■ **Problem requirements**: Every line from the line containing "3.0 sec measured since image 1." through the end of the data is to be reproduced exactly, excluding pictures.

■ **Input for this task**:

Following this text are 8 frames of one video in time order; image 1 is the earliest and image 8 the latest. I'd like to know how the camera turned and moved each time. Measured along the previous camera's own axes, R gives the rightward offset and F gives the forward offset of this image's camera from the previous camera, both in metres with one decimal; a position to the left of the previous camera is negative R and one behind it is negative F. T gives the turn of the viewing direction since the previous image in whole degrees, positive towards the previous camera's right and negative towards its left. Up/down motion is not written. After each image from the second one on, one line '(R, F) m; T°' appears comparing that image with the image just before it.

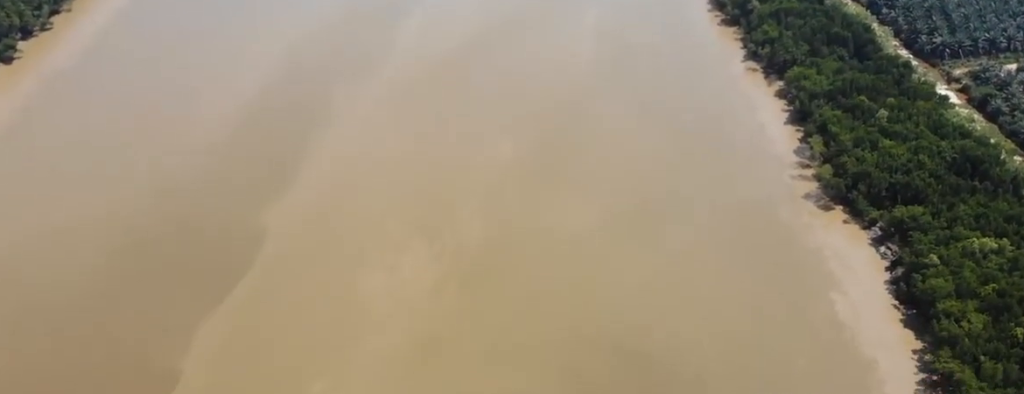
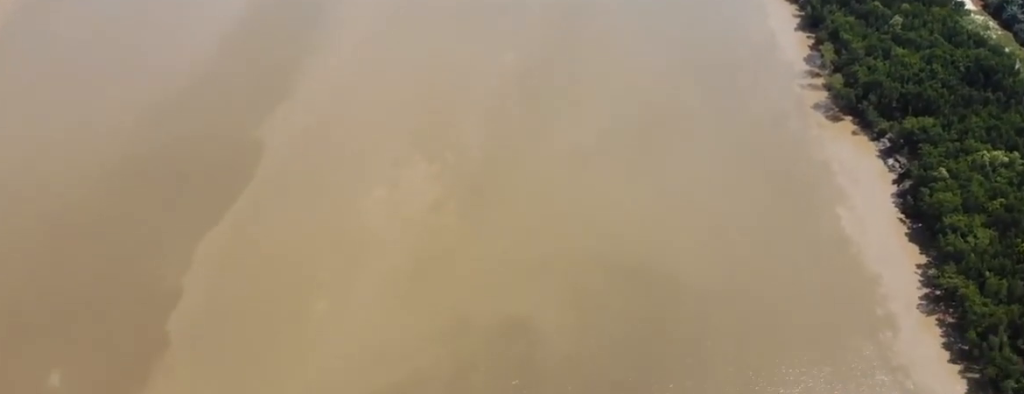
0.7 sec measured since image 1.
(0.0, +4.1) m; -1°
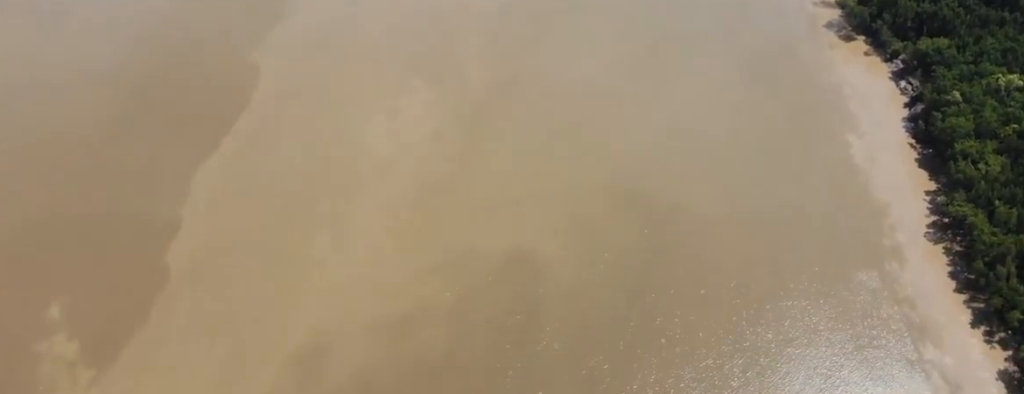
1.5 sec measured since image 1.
(0.0, +4.4) m; -1°
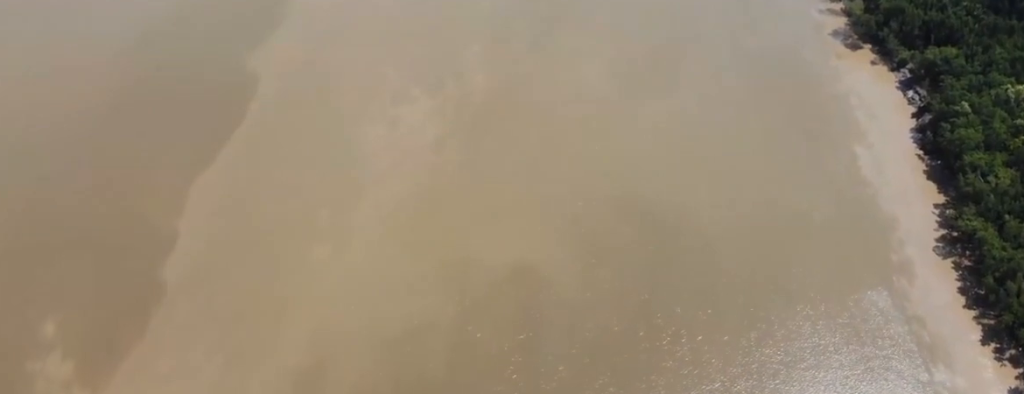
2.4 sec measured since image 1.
(-0.1, +4.5) m; -1°
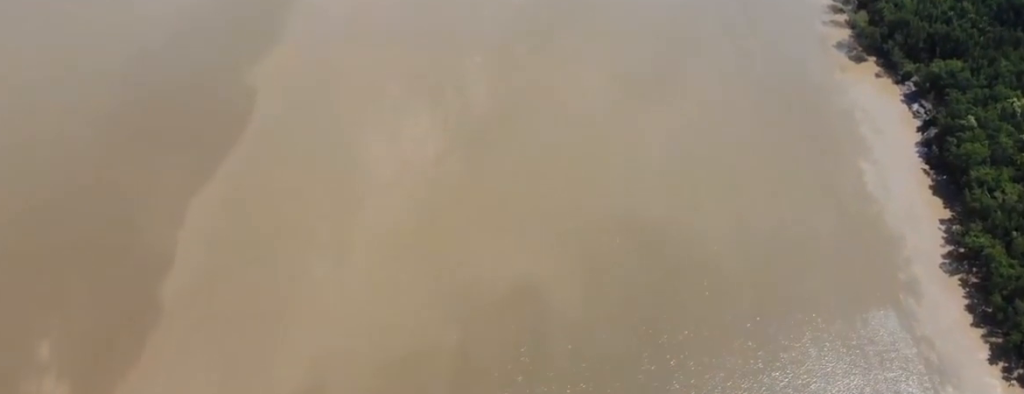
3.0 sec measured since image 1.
(0.0, +3.3) m; -1°
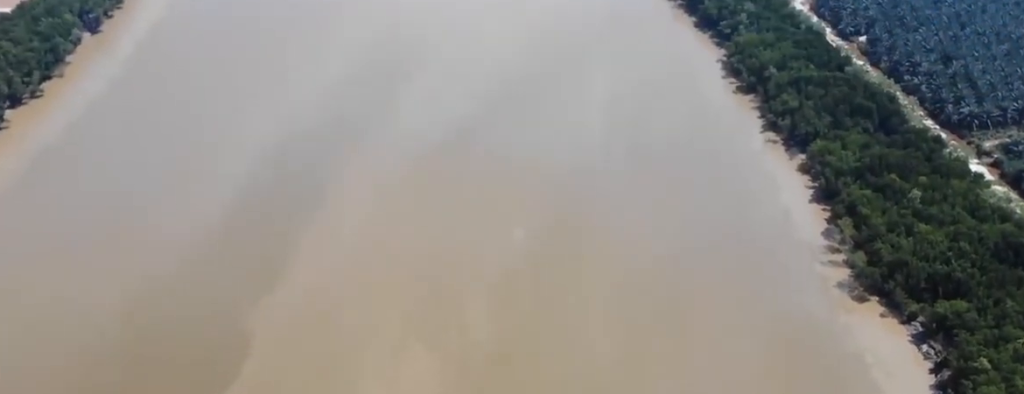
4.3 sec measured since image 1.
(-0.1, +6.5) m; -3°
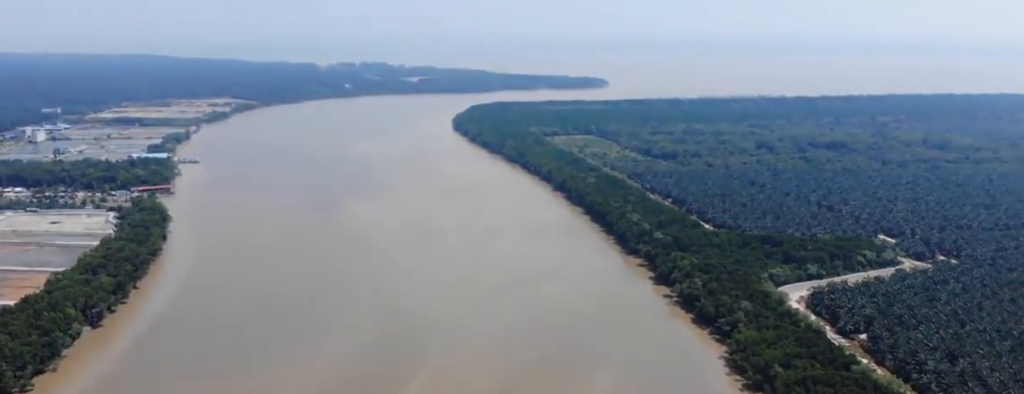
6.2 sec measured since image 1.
(-0.3, +9.3) m; -2°
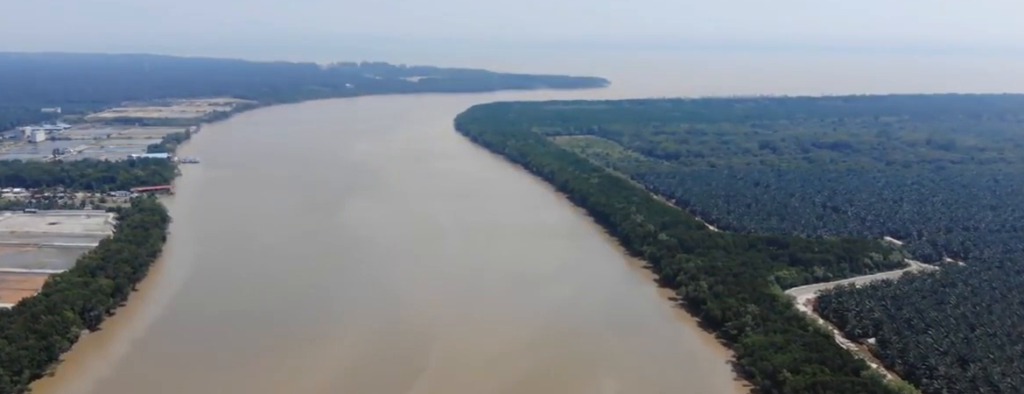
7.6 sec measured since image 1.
(-0.1, +6.7) m; 0°

■ **Response for this exercise**:
3.0 sec measured since image 1.
(0.0, +3.3) m; -1°
4.3 sec measured since image 1.
(-0.1, +6.5) m; -3°
6.2 sec measured since image 1.
(-0.3, +9.3) m; -2°
7.6 sec measured since image 1.
(-0.1, +6.7) m; 0°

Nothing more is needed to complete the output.